Retype the records below exactly as they stand, omitting the pictures.

====

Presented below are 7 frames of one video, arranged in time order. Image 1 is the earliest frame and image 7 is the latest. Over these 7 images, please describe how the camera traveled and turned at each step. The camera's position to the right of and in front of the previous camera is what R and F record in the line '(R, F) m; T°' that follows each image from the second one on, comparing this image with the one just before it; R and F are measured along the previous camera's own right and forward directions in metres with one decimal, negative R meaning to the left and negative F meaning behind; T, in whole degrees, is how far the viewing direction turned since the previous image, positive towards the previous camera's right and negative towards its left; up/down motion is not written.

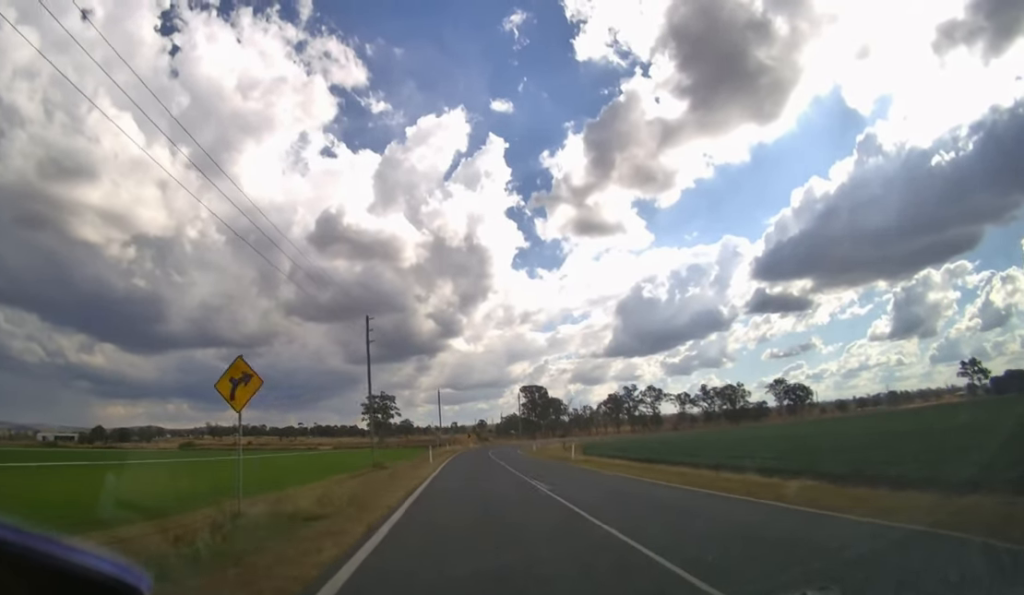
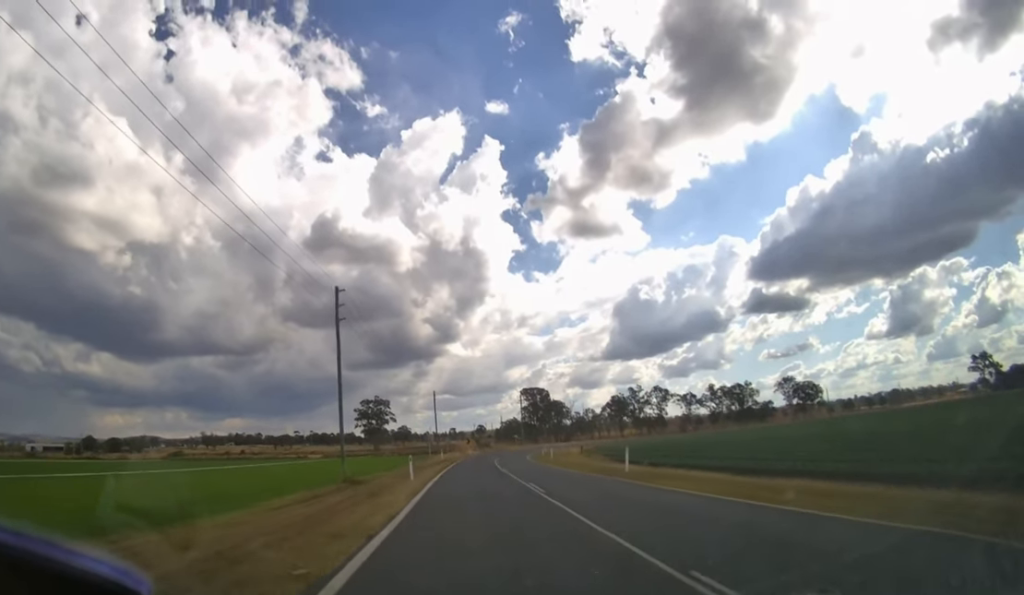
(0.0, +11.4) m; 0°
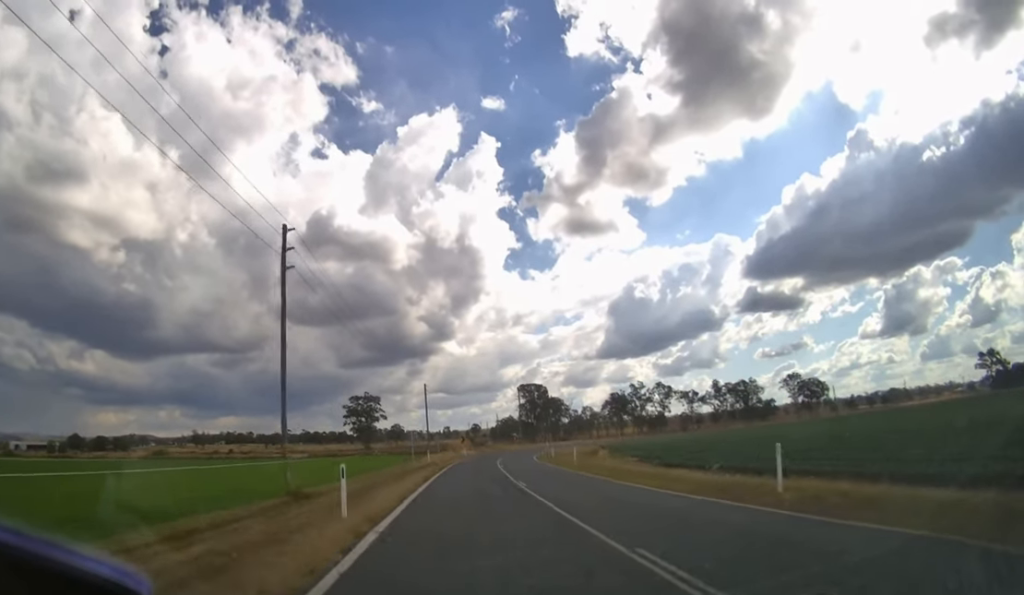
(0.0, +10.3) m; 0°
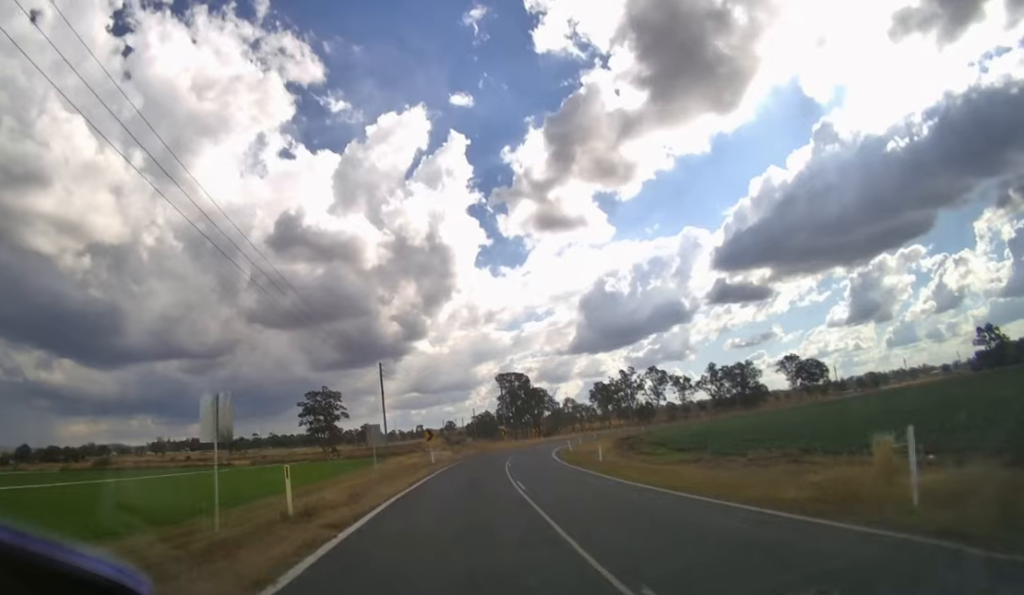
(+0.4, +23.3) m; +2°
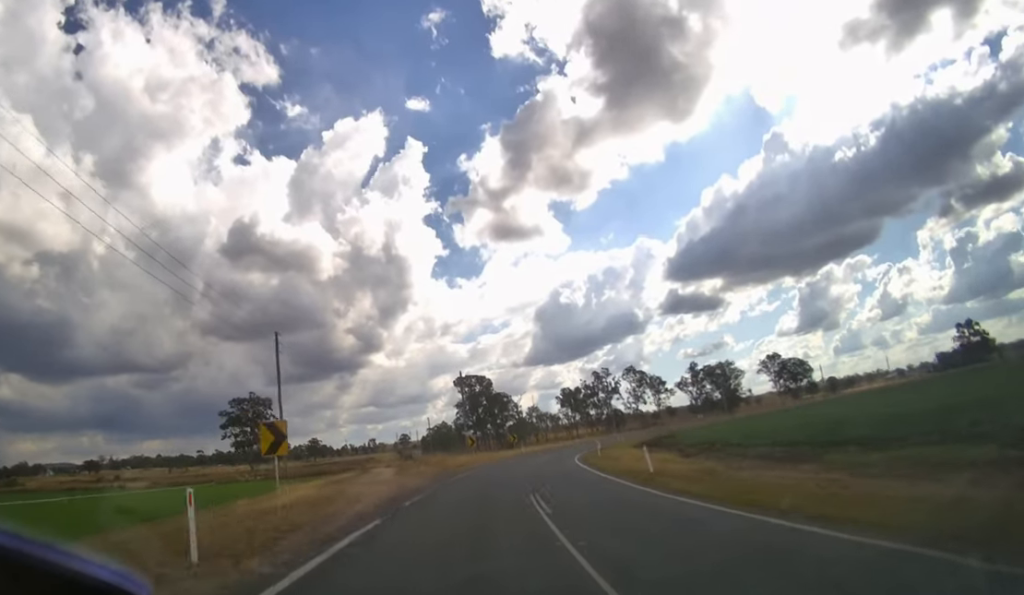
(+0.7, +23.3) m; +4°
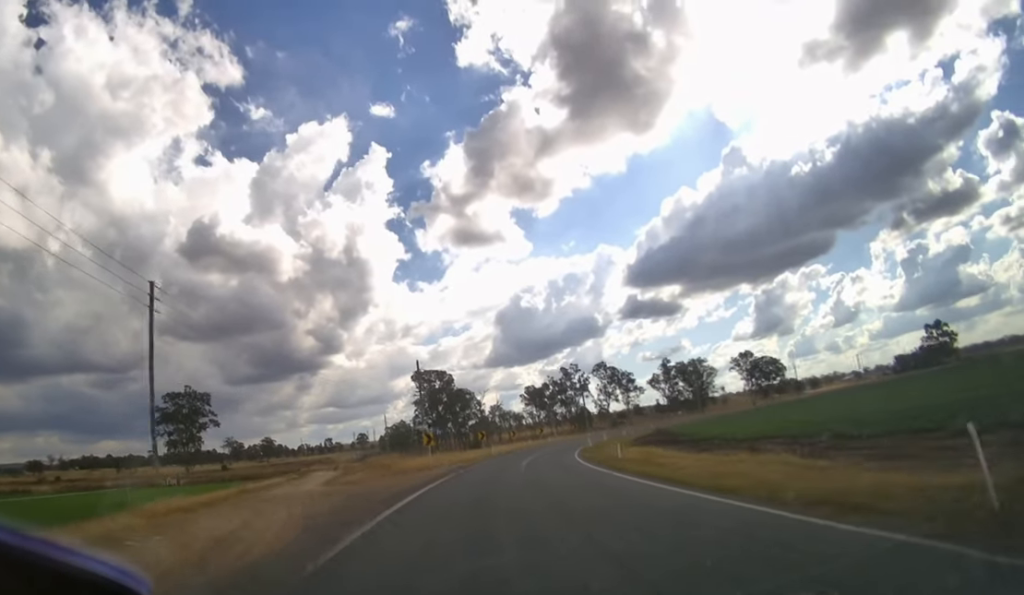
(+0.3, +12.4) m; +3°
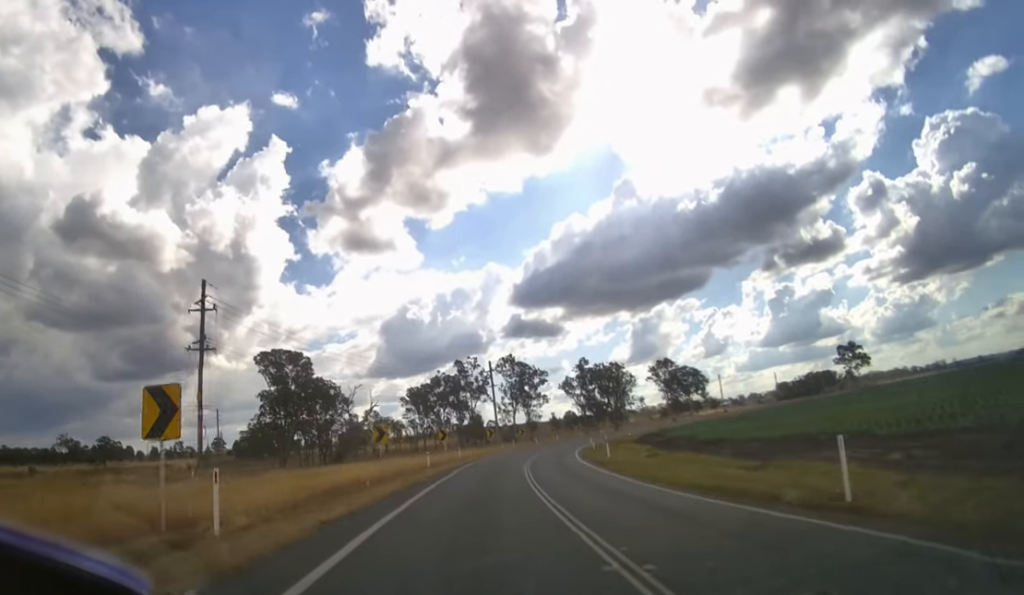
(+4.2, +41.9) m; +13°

====

## EXERCISE SOLUTION
Presented below are 7 frames of one video, arranged in time order. Image 1 is the earliest frame and image 7 is the latest. Over these 7 images, please describe how the camera traveled and turned at each step. The camera's position to the right of and in front of the previous camera is what R and F record in the line '(R, F) m; T°' that follows each image from the second one on, comparing this image with the one just before it; R and F are measured along the previous camera's own right and forward directions in metres with one decimal, negative R meaning to the left and negative F meaning behind; T, in whole degrees, is how far the viewing direction turned since the previous image, positive towards the previous camera's right and negative towards its left; up/down motion is not written.

(0.0, +11.4) m; 0°
(0.0, +10.3) m; 0°
(+0.4, +23.3) m; +2°
(+0.7, +23.3) m; +4°
(+0.3, +12.4) m; +3°
(+4.2, +41.9) m; +13°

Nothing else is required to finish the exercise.